PROVIDED DATA.
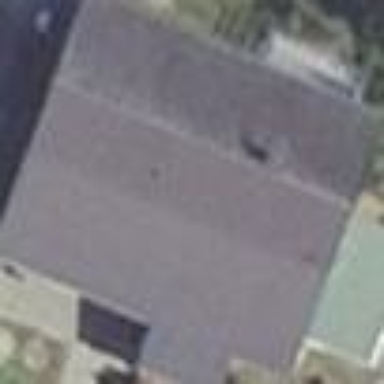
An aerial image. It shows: Simple house.
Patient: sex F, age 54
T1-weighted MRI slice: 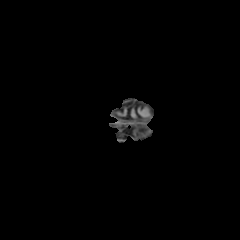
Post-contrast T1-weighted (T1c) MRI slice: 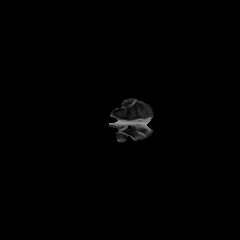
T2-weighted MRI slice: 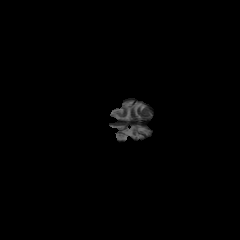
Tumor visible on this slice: no
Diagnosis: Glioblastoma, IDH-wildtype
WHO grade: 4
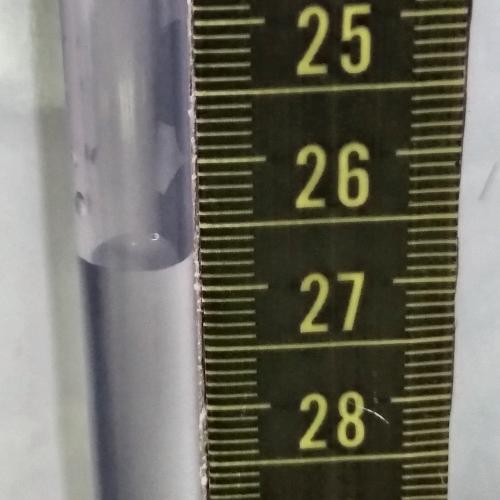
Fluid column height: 26.7 cm
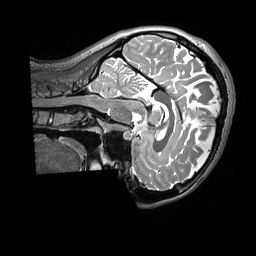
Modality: T2w
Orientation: sagittal
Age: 22
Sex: female
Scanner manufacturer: siemens
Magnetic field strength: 3 T
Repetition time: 3.2 s
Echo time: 0.408 s
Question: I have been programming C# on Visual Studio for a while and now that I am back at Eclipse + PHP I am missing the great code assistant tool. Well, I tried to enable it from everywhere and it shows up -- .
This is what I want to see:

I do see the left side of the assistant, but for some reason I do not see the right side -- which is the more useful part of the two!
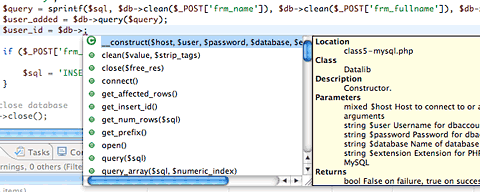
Answer: You should download and install another Eclipse (if you have a J2EE installed with PHP PDT)
<URL>
This one is special for PHP and works lot better than J2EE + PHP and you'll have this feature by default.
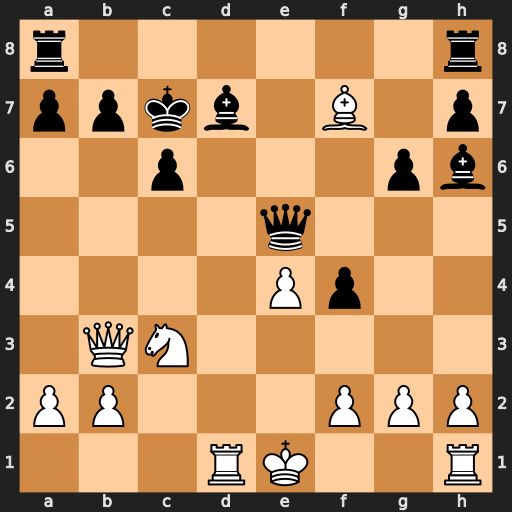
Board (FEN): r6r/ppkb1B1p/2p3pb/4q3/4Pp2/1QN5/PP3PPP/3RK2R
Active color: w
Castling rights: K
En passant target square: -
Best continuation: Rxd7+ Kxd7 Qxb7+
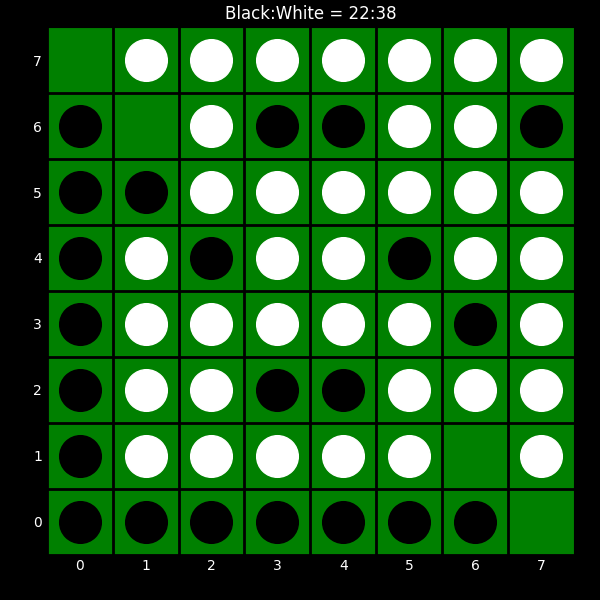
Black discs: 22
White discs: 38
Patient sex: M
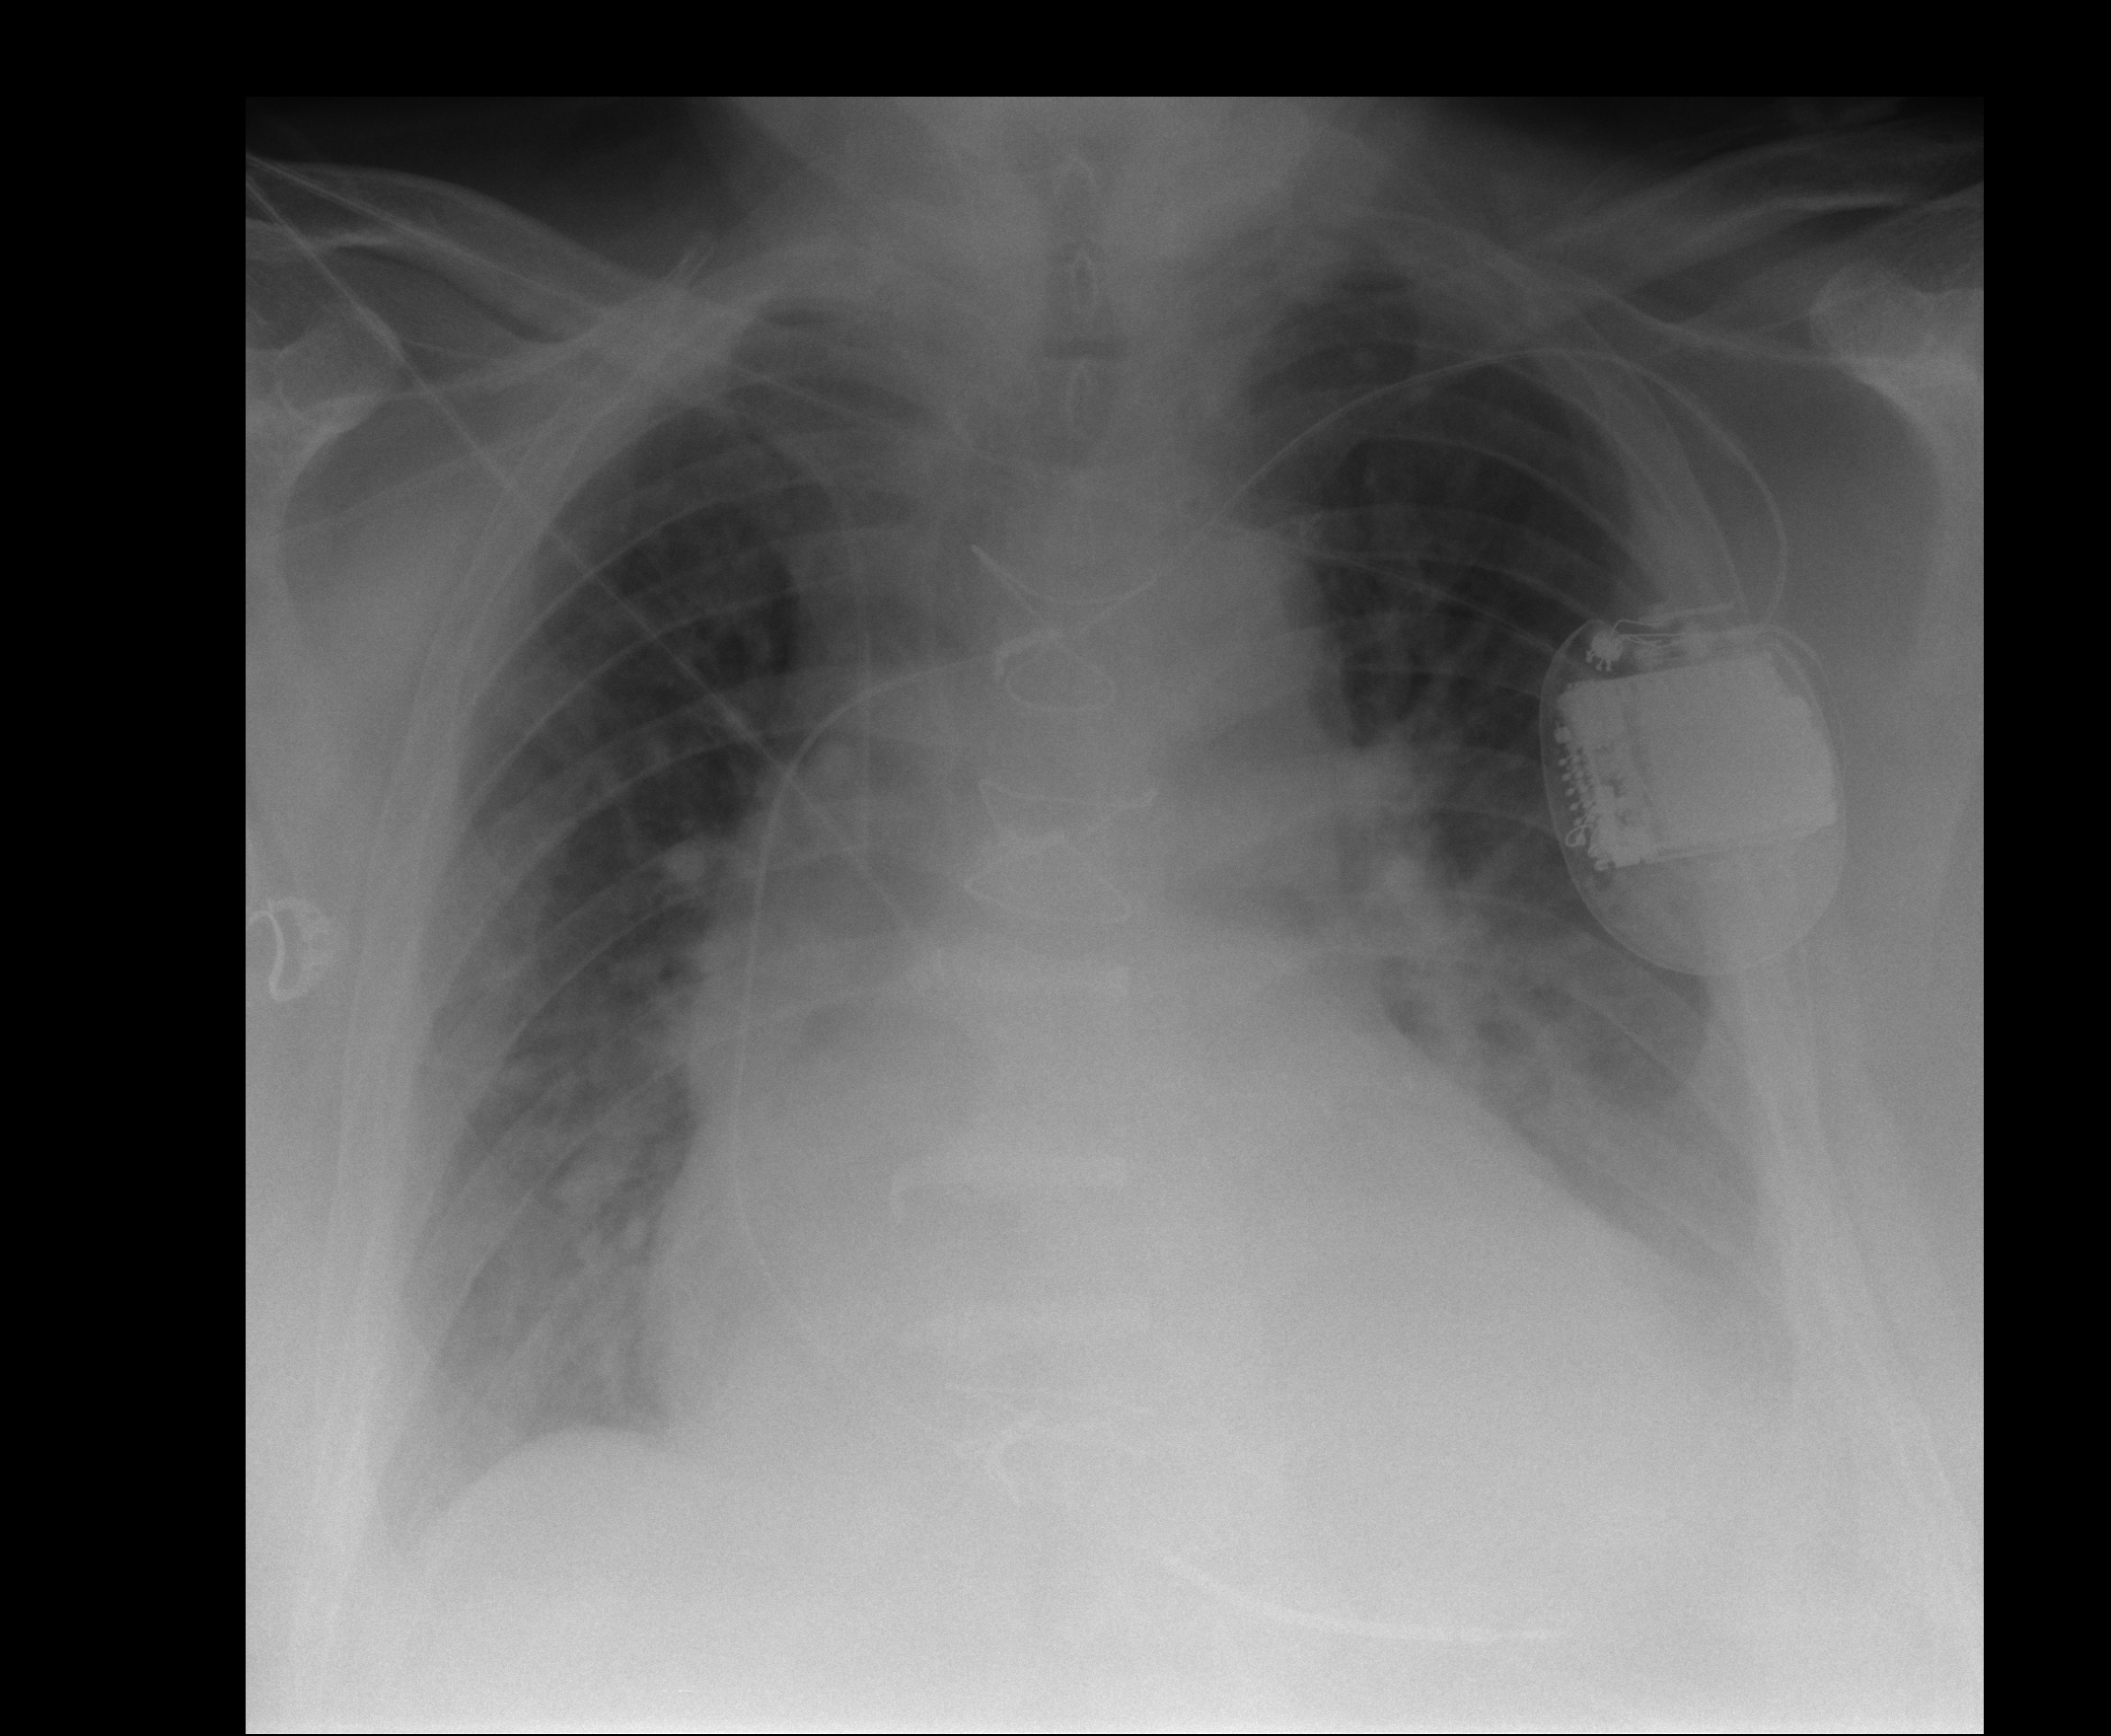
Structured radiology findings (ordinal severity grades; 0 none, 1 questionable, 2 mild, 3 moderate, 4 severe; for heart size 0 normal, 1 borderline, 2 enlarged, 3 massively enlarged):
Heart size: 2
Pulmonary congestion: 3
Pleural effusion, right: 2
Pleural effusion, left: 2
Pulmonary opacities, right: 1
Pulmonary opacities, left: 1
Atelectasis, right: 2
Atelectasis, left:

WORK REQUIRED. Skipping all images, print the data above a second time exactly.

RESPONSE AREA.
An aerial image. It shows: Simple house.
Patient: sex F, age 54
T1-weighted MRI slice: 
Post-contrast T1-weighted (T1c) MRI slice: 
T2-weighted MRI slice: 
Tumor visible on this slice: no
Diagnosis: Glioblastoma, IDH-wildtype
WHO grade: 4
Fluid column height: 26.7 cm
Modality: T2w
Orientation: sagittal
Age: 22
Sex: female
Scanner manufacturer: siemens
Magnetic field strength: 3 T
Repetition time: 3.2 s
Echo time: 0.408 s
Question: I have been programming C# on Visual Studio for a while and now that I am back at Eclipse + PHP I am missing the great code assistant tool. Well, I tried to enable it from everywhere and it shows up -- .
This is what I want to see:

I do see the left side of the assistant, but for some reason I do not see the right side -- which is the more useful part of the two!
Answer: You should download and install another Eclipse (if you have a J2EE installed with PHP PDT)
<URL>
This one is special for PHP and works lot better than J2EE + PHP and you'll have this feature by default.
Board (FEN): r6r/ppkb1B1p/2p3pb/4q3/4Pp2/1QN5/PP3PPP/3RK2R
Active color: w
Castling rights: K
En passant target square: -
Best continuation: Rxd7+ Kxd7 Qxb7+
Black discs: 22
White discs: 38
Patient sex: M
Structured radiology findings (ordinal severity grades; 0 none, 1 questionable, 2 mild, 3 moderate, 4 severe; for heart size 0 normal, 1 borderline, 2 enlarged, 3 massively enlarged):
Heart size: 2
Pulmonary congestion: 3
Pleural effusion, right: 2
Pleural effusion, left: 2
Pulmonary opacities, right: 1
Pulmonary opacities, left: 1
Atelectasis, right: 2
Atelectasis, left:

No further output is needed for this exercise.